Four-story town house.

Asking: $1.75 million. Selling: $1.625 million.

Time on the market: seven weeks.

A LAWYER IN A DOLLHOUSE. A couple with two children bought this 1845 house near Hudson Street in 1991 for $990,000. It didn’t especially need renovation, but the couple–a physician and an attorney–installed new bathrooms, a landscaped garden and some heavy decorations, anyway. Eight years later, they have decided to move uptown. “These are like dollhouses,” said broker Patricia Warburg Cliff of the buildings on this picturesque block in the West Village, where the price of town houses is unsinkable. “They’re not very deep. But they’re charming.” About 14 people saw the place before a divorced lawyer, also with two kids, came by. Over a drink, the sellers and the lawyer cut a deal for $1.625 million. For the new bachelor, “dollhouse” isn’t exactly what he had in mind. He will start by toning down the Laura Ashley accouterments. Broker: Douglas Elliman (Patricia Warburg Cliff).

SOHO

471 West Broadway

Two-bed, one-bath, 1,800-square-foot prewar co-op loft.
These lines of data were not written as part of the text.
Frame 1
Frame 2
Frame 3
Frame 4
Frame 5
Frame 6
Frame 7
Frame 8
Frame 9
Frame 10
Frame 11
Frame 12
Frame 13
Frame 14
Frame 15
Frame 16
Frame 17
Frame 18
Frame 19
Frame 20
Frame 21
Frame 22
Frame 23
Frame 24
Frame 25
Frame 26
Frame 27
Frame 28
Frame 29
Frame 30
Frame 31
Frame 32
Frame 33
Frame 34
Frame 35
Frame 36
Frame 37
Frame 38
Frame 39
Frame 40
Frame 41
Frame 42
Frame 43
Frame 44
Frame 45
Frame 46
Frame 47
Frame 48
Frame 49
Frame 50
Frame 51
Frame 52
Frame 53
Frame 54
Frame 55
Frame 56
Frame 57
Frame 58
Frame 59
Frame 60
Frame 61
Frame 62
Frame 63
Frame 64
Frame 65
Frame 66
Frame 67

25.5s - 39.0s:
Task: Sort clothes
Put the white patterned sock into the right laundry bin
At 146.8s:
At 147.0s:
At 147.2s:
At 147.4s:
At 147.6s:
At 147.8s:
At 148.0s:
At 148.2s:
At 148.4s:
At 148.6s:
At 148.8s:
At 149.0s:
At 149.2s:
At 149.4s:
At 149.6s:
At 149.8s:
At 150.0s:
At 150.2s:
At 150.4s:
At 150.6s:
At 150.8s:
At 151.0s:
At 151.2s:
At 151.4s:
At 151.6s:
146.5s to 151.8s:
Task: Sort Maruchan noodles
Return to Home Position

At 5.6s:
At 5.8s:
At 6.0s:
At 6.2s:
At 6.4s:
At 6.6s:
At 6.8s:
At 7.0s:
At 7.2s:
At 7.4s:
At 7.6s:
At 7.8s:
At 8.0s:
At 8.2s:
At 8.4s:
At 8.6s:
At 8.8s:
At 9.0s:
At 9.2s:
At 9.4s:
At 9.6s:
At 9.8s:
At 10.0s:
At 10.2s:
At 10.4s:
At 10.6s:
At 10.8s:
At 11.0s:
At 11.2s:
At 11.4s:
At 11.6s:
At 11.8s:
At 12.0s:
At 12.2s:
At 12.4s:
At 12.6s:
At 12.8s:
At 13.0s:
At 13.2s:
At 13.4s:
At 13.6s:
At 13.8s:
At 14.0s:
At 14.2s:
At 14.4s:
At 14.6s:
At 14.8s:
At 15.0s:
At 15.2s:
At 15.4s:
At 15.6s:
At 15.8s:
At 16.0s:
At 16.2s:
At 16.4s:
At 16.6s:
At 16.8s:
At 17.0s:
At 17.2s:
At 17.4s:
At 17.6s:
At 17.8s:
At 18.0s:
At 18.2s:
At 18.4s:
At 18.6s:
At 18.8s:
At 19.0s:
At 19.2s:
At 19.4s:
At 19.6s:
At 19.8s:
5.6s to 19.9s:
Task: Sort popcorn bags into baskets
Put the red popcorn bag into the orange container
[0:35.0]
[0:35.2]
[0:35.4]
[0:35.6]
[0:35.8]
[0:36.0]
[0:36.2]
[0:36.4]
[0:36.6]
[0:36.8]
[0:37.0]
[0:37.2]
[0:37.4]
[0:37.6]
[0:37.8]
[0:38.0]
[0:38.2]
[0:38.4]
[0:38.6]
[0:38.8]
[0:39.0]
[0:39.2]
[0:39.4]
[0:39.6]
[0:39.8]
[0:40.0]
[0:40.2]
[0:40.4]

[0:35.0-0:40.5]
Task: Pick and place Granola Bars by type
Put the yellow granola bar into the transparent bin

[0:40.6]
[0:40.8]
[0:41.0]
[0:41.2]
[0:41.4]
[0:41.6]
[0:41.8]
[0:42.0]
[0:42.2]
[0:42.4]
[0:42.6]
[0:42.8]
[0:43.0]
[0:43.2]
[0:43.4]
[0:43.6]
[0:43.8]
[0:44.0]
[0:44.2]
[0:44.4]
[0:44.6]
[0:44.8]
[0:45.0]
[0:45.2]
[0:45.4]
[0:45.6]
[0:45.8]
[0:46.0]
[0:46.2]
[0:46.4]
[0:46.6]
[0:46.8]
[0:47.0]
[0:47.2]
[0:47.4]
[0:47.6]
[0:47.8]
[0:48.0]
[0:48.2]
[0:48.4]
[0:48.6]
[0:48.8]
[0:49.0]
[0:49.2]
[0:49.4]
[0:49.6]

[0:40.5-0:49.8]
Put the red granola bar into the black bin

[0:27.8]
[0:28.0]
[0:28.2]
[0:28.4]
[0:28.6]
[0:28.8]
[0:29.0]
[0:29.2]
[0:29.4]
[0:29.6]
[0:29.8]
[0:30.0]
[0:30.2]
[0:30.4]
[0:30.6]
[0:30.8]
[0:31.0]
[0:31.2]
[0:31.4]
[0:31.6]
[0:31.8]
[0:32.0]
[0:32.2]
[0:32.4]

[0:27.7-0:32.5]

Asking: $799,000. Selling: $765,000.

Charges: $600; 40 percent tax-deductible.

Time on the market: one month.

VIOLINIST ON THE ROOF. With David Bowie plunking down nearly $4 million for a couple of condos on Lafayette and Houston streets, a SoHo penthouse selling for $765,000 seems insufferable. (Or maybe it’s the other way around.) But in this case, there are several flights of stairs involved. And for the woman who will move into this 1,800-square-foot, fourth-floor co-op, there’s a piano that has to be transported from Washington, D.C. Broker Viviane El-Yachar believes that the upstairs hike is discouragement enough against any significant renovations on the space. Luckily, the seller added skylights and central air-conditioning–and the apartment comes with exclusive rights to the roof. Broker: Corcoran (Viviane El-Yachar).